See the example below for an illustration.
To run evaluation you first need an evaluation file or dataset. This evaluation looks like the following:
{"id": "user_oriented_task_0", "motivation_app": "Grammarly", "instruction": "The sentence you are given might be too wordy, complicated, or unclear. Rewrite the sentence and make your writing clearer by keeping it concise. Whenever possible, break complex sentences into multiple sentences and eliminate unnecessary words.", "instances": [{"input": "If you have any questions about my rate or if you find it necessary to increase or decrease the scope for this project, please let me know.", "output": "If you have any questions about my rate or find it necessary to increase or decrease this project's scope, please let me know."}]}
You can download self-instruct evaluation data using this command:
wget https://raw.githubusercontent.com/yizhongw/self-instruct/main/human_eval/user_oriented_instructions.jsonl
To run evaluation after finetuning you can use the following command:
CUDA_VISIBLE_DEVICES=2 \
python finetune.py \
--base-model 'yahma/llama-7b-hf' \
--lora-target-modules q_proj \
--lora-target-modules v_proj \
--data-path <Your-data-path> \
--output-dir './lora-alpaca' \
--wandb-project 'jerboa' \
--wandb-run-name 'test-run' \
--wandb-watch 'gradients' \
--wandb-log-model \
--num-epochs '2' \
--eval-file 'user_oriented_instructions.jsonl' \
--eval-limit '5'
--eval-file: path to the evaluation file
--eval-limit: number of examples to evaluate on
Evaluation results will be automatically logged to wandb.

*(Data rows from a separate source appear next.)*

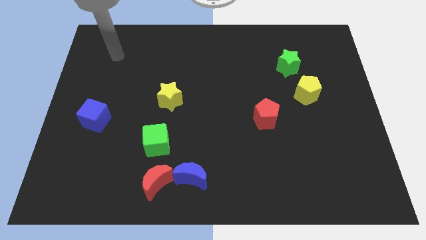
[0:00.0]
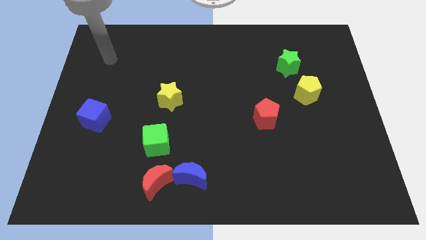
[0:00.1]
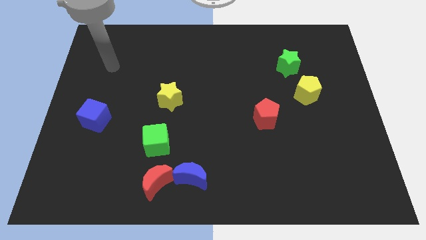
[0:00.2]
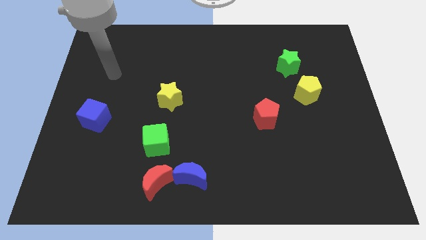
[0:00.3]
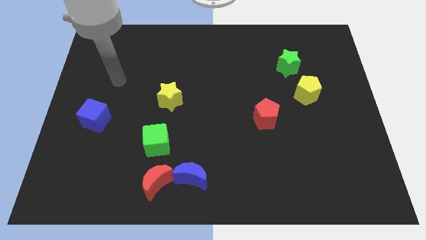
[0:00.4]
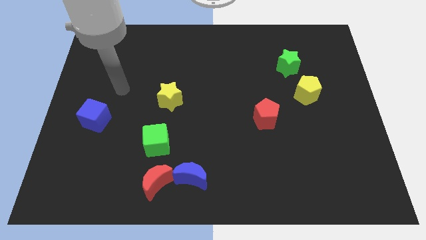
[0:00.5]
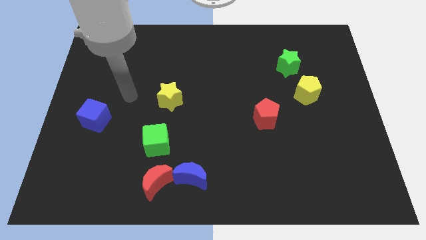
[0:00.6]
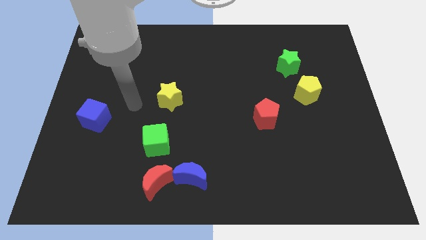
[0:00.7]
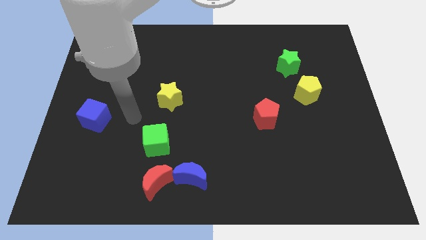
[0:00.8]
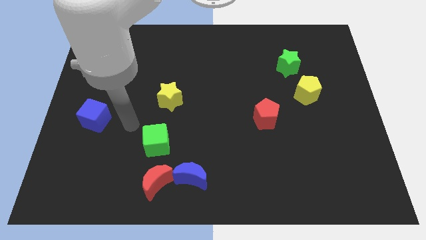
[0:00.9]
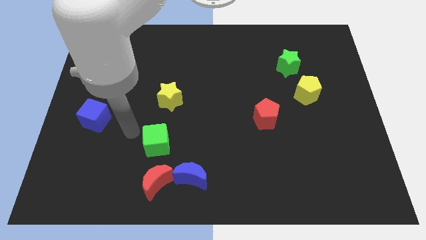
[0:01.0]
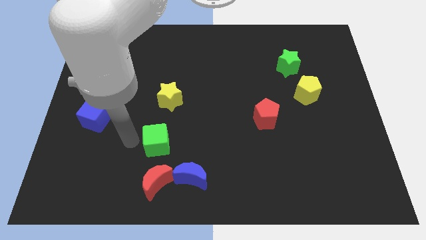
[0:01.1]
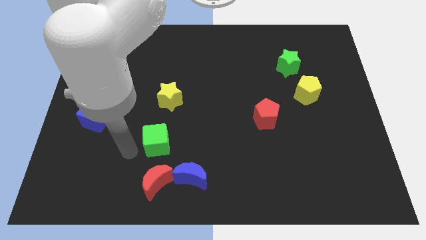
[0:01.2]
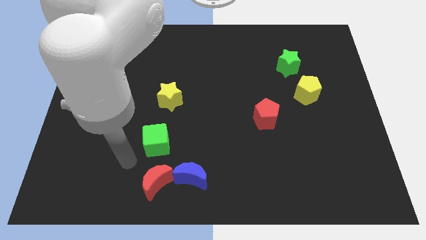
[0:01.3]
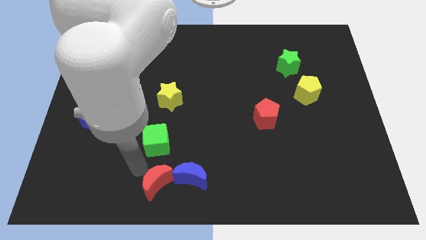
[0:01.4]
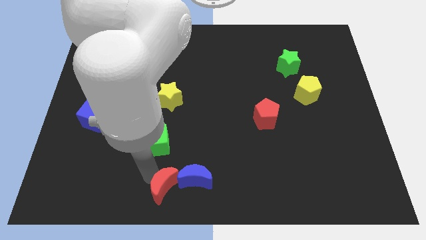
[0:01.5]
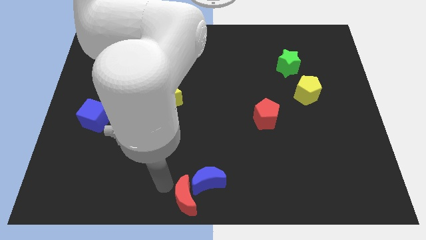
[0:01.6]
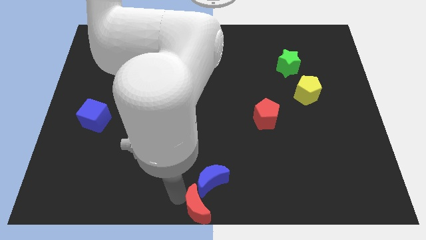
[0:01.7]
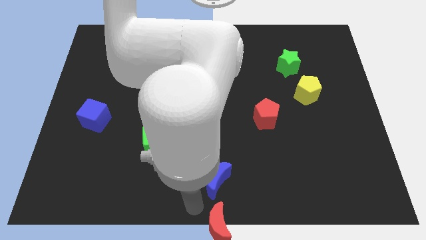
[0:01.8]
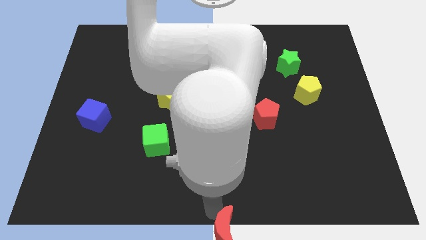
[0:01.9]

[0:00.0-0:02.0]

You can also serve a gradio app to showcase your model. This can be either a pre-trained model or a fine-tuned model. To serve a gradio app with your specific lora weights just run from the gradio repo.
poetry run python app.py --base-model <wandb path to base_model> --lora-repo <path to wandb or hf adapter weigths>
for example:
poetry run python app.py --base-model tiiuae/falcon-7b --lora-repo wandb:jina-ai/jerboa/lora_weight:v19
See load_models.py
in utils
to learn how to correctly specify the path to the lora weights.